A: Michael Osanloo stated that their primary focus is on improving efficiency and throughput, particularly in the drive-thru and inside the restaurants. The rollout of kiosks is expected to enhance both mix and transaction counts. He acknowledged the challenge of growing transactions in Chicagoland, where AUVs are over $11 million amidst negative population growth. Therefore, they are aggressively expanding in growth markets like Texas, Florida, and Arizona. Additionally, they plan to introduce a loyalty program early next year, which should further drive transactions. -
Pricing Strategy Amid Competition
Q: How are you approaching pricing next year given the competitive environment?

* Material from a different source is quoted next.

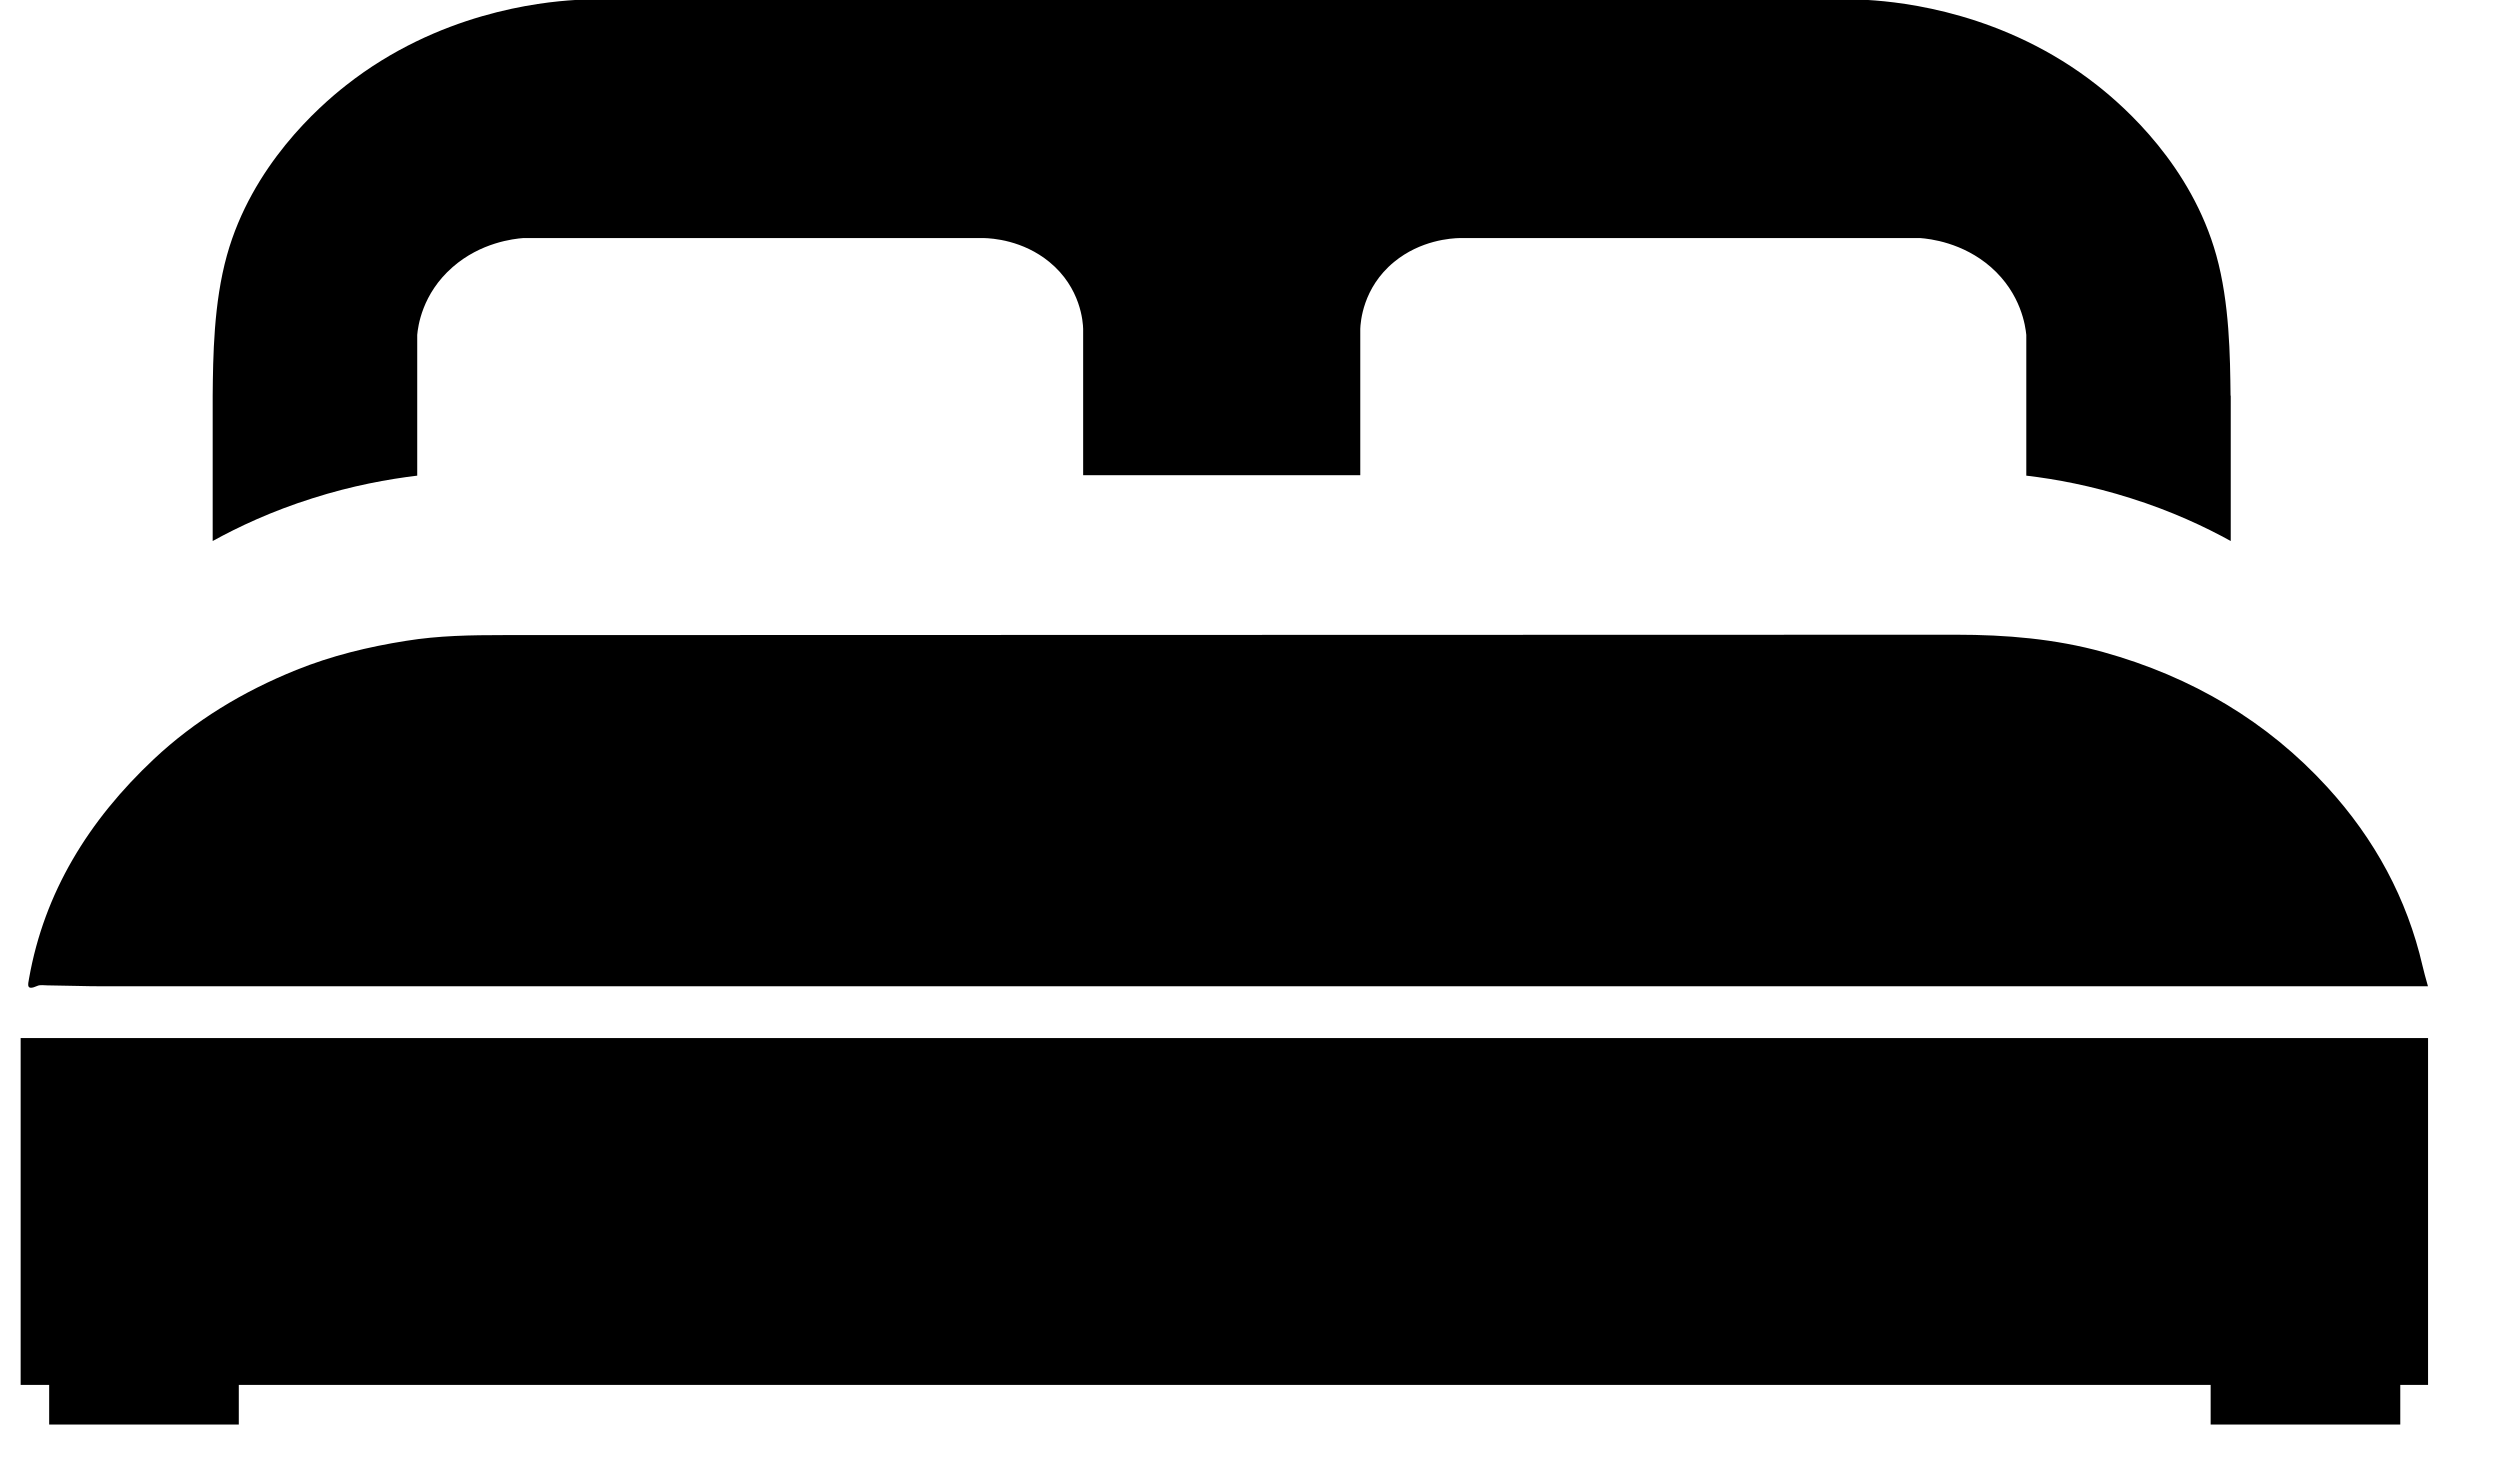 <?xml version="1.0" encoding="UTF-8"?> <svg xmlns="http://www.w3.org/2000/svg" width="27" height="16" viewBox="0 0 27 16" fill="none"><path d="M26.222 10.652C25.277 10.652 24.36 10.652 23.445 10.652C22.041 10.652 20.639 10.652 19.235 10.652C15.867 10.652 12.501 10.652 9.133 10.652C6.463 10.652 3.792 10.652 1.122 10.652C0.919 10.652 0.714 10.644 0.511 10.642C0.476 10.642 0.434 10.634 0.405 10.647C0.282 10.702 0.301 10.638 0.314 10.566C0.478 9.64 0.954 8.863 1.663 8.197C2.104 7.783 2.622 7.469 3.199 7.236C3.578 7.083 3.974 6.986 4.386 6.921C4.738 6.864 5.088 6.859 5.44 6.859C10.669 6.857 15.898 6.857 21.127 6.855C21.666 6.855 22.195 6.899 22.713 7.042C23.678 7.31 24.489 7.795 25.134 8.5C25.649 9.063 25.996 9.707 26.163 10.43C26.177 10.492 26.195 10.555 26.222 10.652Z" fill="black"></path><path d="M26.223 11.211H0.223V14.957H26.223V11.211Z" fill="black"></path><path d="M2.579 13.777H0.531V15.385H2.579V13.777Z" fill="black"></path><path d="M25.923 13.777H23.875V15.385H25.923V13.777Z" fill="black"></path><path d="M24.09 4.273C24.085 3.851 24.08 3.274 23.936 2.757C23.667 1.791 22.949 1.156 22.648 0.92C21.653 0.137 20.551 0.023 20.176 0H6.21C5.835 0.023 4.734 0.137 3.739 0.92C3.438 1.156 2.72 1.791 2.451 2.757C2.307 3.274 2.301 3.851 2.297 4.273C2.297 4.351 2.297 4.407 2.297 5.342C2.297 5.397 2.297 5.788 2.297 5.843C2.574 5.69 2.935 5.52 3.376 5.381C3.803 5.245 4.191 5.175 4.506 5.137V3.617C4.514 3.528 4.557 3.174 4.888 2.885C5.193 2.618 5.548 2.579 5.652 2.571H10.623C10.716 2.573 11.046 2.594 11.333 2.829C11.675 3.109 11.696 3.483 11.698 3.551V5.132H13.195H14.691V3.551C14.694 3.483 14.715 3.109 15.056 2.829C15.343 2.593 15.673 2.573 15.766 2.571H20.737C20.841 2.579 21.196 2.618 21.502 2.885C21.831 3.174 21.875 3.528 21.884 3.617V5.137C22.199 5.174 22.585 5.245 23.013 5.381C23.454 5.52 23.815 5.69 24.092 5.843C24.092 5.79 24.092 5.397 24.092 5.342C24.092 4.407 24.092 4.351 24.092 4.273H24.09Z" fill="black"></path></svg>

A: Michelle Hook conveyed that they intend to use pricing strategically to offset inflationary pressures, while ensuring they continue to offer good value. They believe they have pricing power due to their expansive menu, allowing selective price adjustments without impacting the customer experience. They took pricing up 8.5% in 2023 and expect it to be just over 4% by year-end. Pricing actions next year will be more moderate and depend on the inflation environment. -
G&A Expense Outlook
Q: What factors have contributed to the lowered G&A guidance, and what should we expect next year?
A: Michelle Hook explained that the reduction in G&A guidance is primarily due to lower variable compensation, including bonus and stock-based compensation. They have also controlled wage expenses by being disciplined in adding positions. Depending on company performance next year, G&A could be under pressure due to variable compensation expenses. They plan to remain disciplined, investing in strategic priorities that advance the brand, and will provide more guidance on G&A in January. -
Houston Market Entry and Expansion
Q: How is the entrance into Houston progressing, and what are you learning from previous openings?
A: Michael Osanloo expressed that they are thrilled with the performance of their first Houston restaurant in Richmond, which is exceeding expectations. They plan to open two more locations in the next 1.5 months to distribute customer traffic and foster organic growth across the market. They have refined their field marketing tactics, focusing on community engagement. Additionally, they are testing a slightly rationalized menu in Houston to reduce kitchen complexity, and it is performing well so far. -
Impact of Kiosks on Comps
Q: Despite the kiosk rollout, why isn't there significant improvement in fourth quarter comps?
A: Michelle Hook acknowledged that while the kiosks are improving mix, they are still experiencing impacts from macroeconomic factors and discounting on traffic. With uncertainties in November and December, including reliance on catering and comparison to last year's favorable weather and advertising campaign, they are cautious and not expecting significant improvement in Q4 comps, guiding towards negative 1% for the year. -
Loyalty Program Plans
Q: Can you update us on plans for a loyalty program?
A: Michael Osanloo stated that they are making good progress on developing a loyalty program and look forward to making an announcement early next year. They prefer to announce it when it's ready to roll out rather than pre-announcing. -
Stance on Discounting and Value Menus
Q: Do you consider introducing a value menu or price point marketing to appeal to lower-end consumers?
A: Michael Osanloo emphasized that introducing a value menu or engaging in discounting would be contrary to Portillo's brand. They are not reliant on the true value consumer and prefer to focus on offering everyday great value through high-quality food and abundant portions. Their strategy is to maintain brand integrity and avoid short-term tactics that could harm the brand in the long run.